Um die Mitophagie in murinen Pankreas-Betazellen mit dem genetisch kodierten Mitophagie-Reporter zu untersuchen, werden Pankreasinseln, die aus Wildtyp- und Mt-Keima-Mäusen isoliert wurden, über Nacht bei 37 Grad Celsius kultiviert. Am nächsten Tag werden 100 Inselchen in eine sechs Zentimeter lange Petrischale gegeben, die zwei Milliliter Inselmedium für jede in diesem Protokoll verwendete Versuchsbedingung enthält. Als nächstes werden die Ösen in einzelne Zellen dissoziiert und mit FluoZin-3-AM und DAPI gefärbt, wie zuvor für den auf Mt-Phagy-Farbstoffen basierenden Ansatz demonstriert wurde.
Fahren Sie dann mit der durchflusszytometrischen Analyse der Proben fort. Passen Sie die Durchlassstreuung (FSC) und die Seitenstreu- oder SSC-Spannung an, um eine gleichmäßige Verteilung der Zellen in einem SSCA- und FSCA-Diagramm zu erreichen. Um einzelne Zellen auszuwählen und Multipletts auszuschließen, fügen Sie ein rechteckiges Gatter für die FSC-Höhe im Vergleich zur FSC-Breite hinzu, gefolgt von SSC-Höhe im Vergleich zur SSE-Breite.
Die Multipletts werden aufgrund ihrer höheren Signalbreite ausgeschlossen.
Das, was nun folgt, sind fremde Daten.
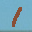
Label: 1
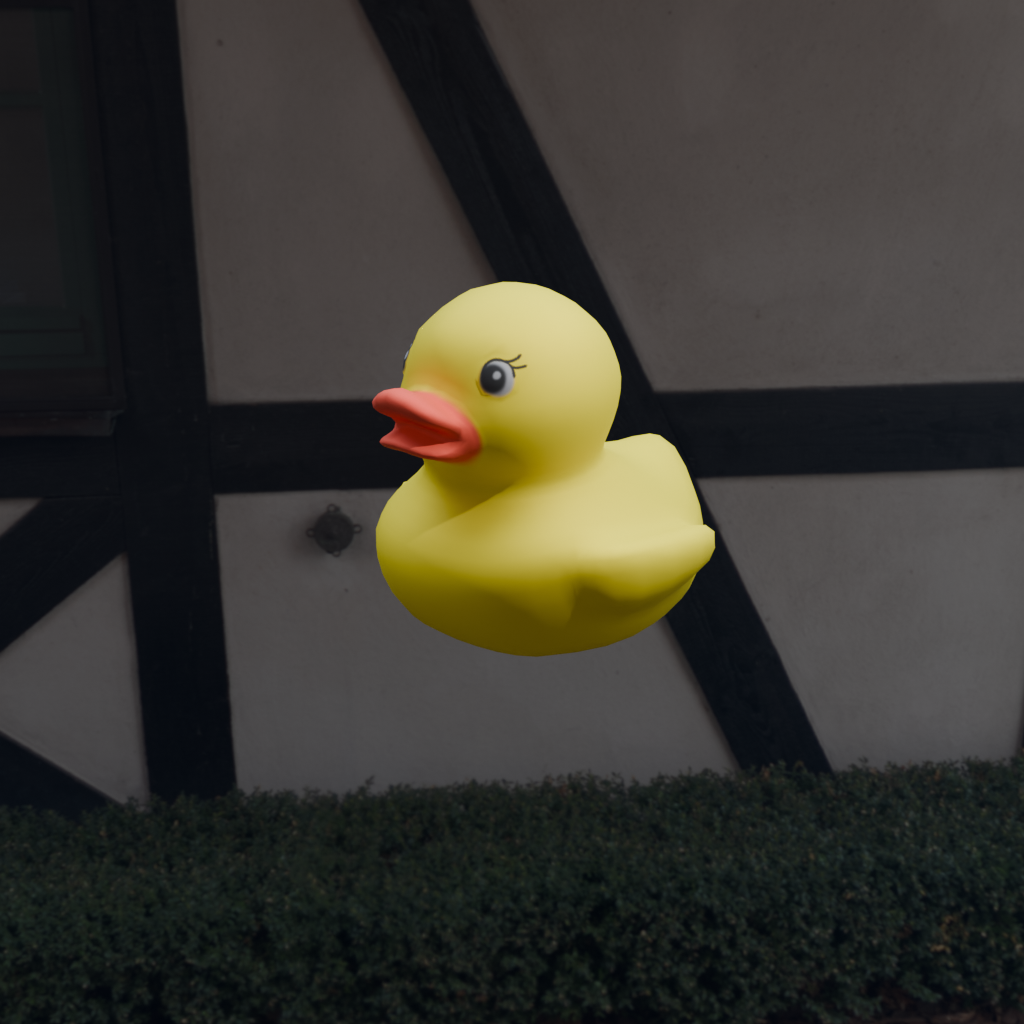
an image of a yellow rubber duck seen from <front_left> ourtyard with historic red brick buildings.
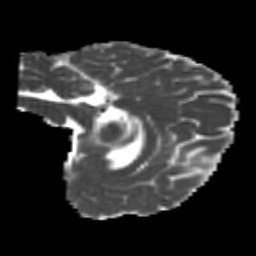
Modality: MD
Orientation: sagittal
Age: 24
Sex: female
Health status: healthy
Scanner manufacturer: philips
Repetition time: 7.476 s
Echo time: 0.08753 s
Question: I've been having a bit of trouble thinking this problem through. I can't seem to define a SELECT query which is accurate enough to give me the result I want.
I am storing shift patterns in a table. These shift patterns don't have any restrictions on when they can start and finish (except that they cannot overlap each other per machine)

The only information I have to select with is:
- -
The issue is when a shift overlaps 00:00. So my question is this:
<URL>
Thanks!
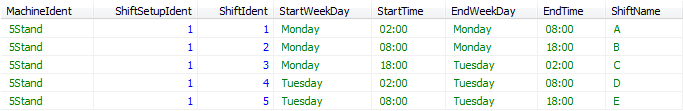
Answer: You can do this with simple logic. If 'StartTime < EndTime', then you want to test for times between the two values. If 'Startime > EndTime', then you want to test for times between the two values. So this solves the time problem:
'''
SELECT *
FROM webreportshiftsetup
WHERE (StartTime < EndTime and time(now()) between StartTime and EndTime or
StartTime > EndTime and time(now()) not between StartTime and EndTime
) and
dayname(now()) in (StartWeekDay, EndWeekDay)
'''
You have a similar problem with the weekdays. But your question is specifically about times and not weekdays. (That should perhaps be another question.)
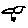
Label: bird
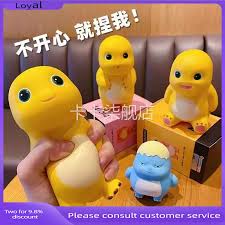
Label: nailong

Richten Sie dann ein DAPI-negatives Gatter ein, um tote Zellen auszuschließen. Richten Sie danach positive FluoZin-3-AM-Gatter ein, um nach lebenden Betazellen zu filtern.
Richten Sie ein Dreiecks-Gating-Schema mit der Mt-Keima-positiven Probe ein, um saure und neutrale Zellpopulationen zu identifizieren. Sobald die Primär- und Fluoreszenzgatter etabliert sind, wird der Mitophagiefluss anhand von basalen und Valinomycin-induzierten Veränderungen der Mt-Keima-Fluoreszenz beurteilt.